You may want to try:
Code:

`        scanf("%d", &choice);`
--
Mats
• 12-06-2007
Salem
> void main()
main returns int, see the FAQ

> scanf("Choose = &#37;i", choice);
1. You forgot the &, as in &choice
2. Do you expect the user to type in "Choose = 1" or just "1" ?
In a scanf control string, each letter matches itself unless it's a conversion.
• 12-06-2007
Thanks for the help people - aaarrgghh those small mistakes always trouble me, Elysia could you just explain to me what is wrong with the void main().
• 12-06-2007
Elysia
It's not standard. Link to FAQ is in signature.
• 12-06-2007
matsp
What's not really explained in the FAQ is that the "void main()" construction is broken BECAUSE although you define the content of main, it is called by the startup code that sets up the entire C environment, and it also "finishes off" the C environment. In the finishing off process, it will set the "exit value" for the process - this is the return value from main(). If you use "void main()", the C environment will still think that main returns something, and take whatever "garbage" is where the return value should have been.
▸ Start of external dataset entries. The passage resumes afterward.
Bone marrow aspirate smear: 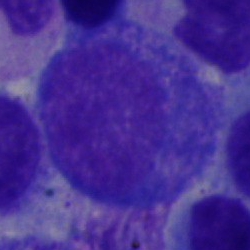 Classification — progranulocyte.
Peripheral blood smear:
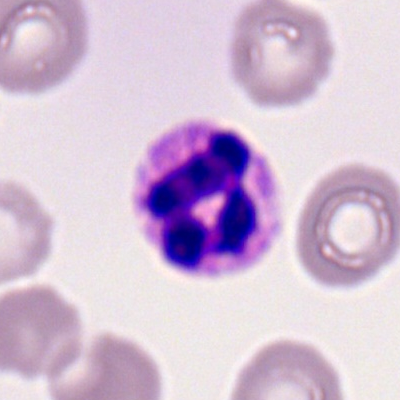
Specimen: peripheral blood smear.
Cell type: segmented neutrophil.
Lineage: myeloid.

This means that the exit value from your applicaiton is "undefined". Not only that, it may change if you recompile the program with some different compiler settings, change the code inside main [or some of the code called by main, depending on where the place that the return value from main is last used].

Having things "undefined" means that "anything could happen".

--
Mats
• 12-06-2007
Elysia
I think the FAQ needs to be updated a little, hm?
I think I'll quote your reply instead, matsp, since it's a much better explanation :)
• 12-06-2007
matsp
Quote:

Originally Posted by Elysia
I think the FAQ needs to be updated a little, hm?
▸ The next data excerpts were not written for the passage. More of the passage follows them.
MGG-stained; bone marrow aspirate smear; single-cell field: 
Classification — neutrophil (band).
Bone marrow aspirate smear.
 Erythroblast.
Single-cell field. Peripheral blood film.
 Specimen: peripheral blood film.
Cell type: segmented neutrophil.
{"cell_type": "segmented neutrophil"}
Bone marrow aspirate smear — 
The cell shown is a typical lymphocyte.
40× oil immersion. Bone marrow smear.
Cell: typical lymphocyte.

Well, it's obviously a balance between having a FAQ that tells you what you NEED TO KNOW and one that is "precise and detailed".

I'm just showing off ;)

--
Mats
• 12-06-2007
Elysia
It does say that it should follow a description discussing why it's bad, but the FAQ somehow prematurely ends there... Hmmm.
Still, I like the explanation, so I linked to it in case anyone asks :p
• 12-06-2007
grumpy
Quote:

Originally Posted by matsp
What's not really explained in the FAQ is that the "void main()" construction is broken BECAUSE although you define the content of main, it is called by the startup code that sets up the entire C environment, and it also "finishes off" the C environment. In the finishing off process, it will set the "exit value" for the process - this is the return value from main(). If you use "void main()", the C environment will still think that main returns something, and take whatever "garbage" is where the return value should have been. This means that the exit value from your applicaiton is "undefined". Not only that, it may change if you recompile the program with some different compiler settings, change the code inside main [or some of the code called by main, depending on where the place that the return value from main is last used].

That's an interesting explanation; unfortunately, it's totally incorrect.

void main() is "broken" because it is not guaranteed to be supported by all compilers.

If a compiler supports void main(), then - in practice - the compiler (or it's associated libraries) usually support some rational behaviour if a programmer chooses to use it, rather than just returning some undefined value to the operating system.
• 12-06-2007
Elysia
Let's investigate, shall we?
EDIT: I believe grumpy is right. If I use void main, then the compiler will do xor eax, eax before returning to the pre-main code and thus the return will be 0.
/me quotes new post.
• 12-06-2007
matsp
Quote:

Originally Posted by grumpy
That's an interesting explanation; unfortunately, it's totally incorrect.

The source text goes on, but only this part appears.